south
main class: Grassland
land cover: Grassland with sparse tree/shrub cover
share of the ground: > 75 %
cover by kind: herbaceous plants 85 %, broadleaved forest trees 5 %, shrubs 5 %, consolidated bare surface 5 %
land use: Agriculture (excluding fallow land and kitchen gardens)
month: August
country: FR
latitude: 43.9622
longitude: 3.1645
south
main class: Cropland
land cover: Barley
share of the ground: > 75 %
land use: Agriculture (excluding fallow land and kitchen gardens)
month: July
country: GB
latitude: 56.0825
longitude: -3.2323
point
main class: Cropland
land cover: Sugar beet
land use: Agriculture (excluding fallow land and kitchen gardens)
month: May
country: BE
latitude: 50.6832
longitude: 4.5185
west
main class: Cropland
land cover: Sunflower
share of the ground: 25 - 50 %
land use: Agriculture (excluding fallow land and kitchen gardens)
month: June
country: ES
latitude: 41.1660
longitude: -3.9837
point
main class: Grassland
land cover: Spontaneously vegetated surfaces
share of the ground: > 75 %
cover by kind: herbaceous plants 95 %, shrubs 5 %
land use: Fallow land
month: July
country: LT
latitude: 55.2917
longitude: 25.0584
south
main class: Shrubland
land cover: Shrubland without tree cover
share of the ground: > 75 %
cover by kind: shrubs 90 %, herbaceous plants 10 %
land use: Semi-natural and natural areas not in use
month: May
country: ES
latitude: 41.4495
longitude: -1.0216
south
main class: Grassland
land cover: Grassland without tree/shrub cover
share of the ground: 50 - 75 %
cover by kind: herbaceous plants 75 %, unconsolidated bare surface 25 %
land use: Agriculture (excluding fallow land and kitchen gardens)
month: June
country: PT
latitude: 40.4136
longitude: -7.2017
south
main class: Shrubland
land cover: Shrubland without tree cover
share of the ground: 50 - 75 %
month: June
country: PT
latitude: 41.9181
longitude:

→ **Problem statement**
Starting from the line with "latitude: 40.4136" and ending with the final line of the data, quote every line exactly, both ends included.

→ **The completed task**
latitude: 40.4136
longitude: -7.2017
south
main class: Shrubland
land cover: Shrubland without tree cover
share of the ground: 50 - 75 %
month: June
country: PT
latitude: 41.9181
longitude:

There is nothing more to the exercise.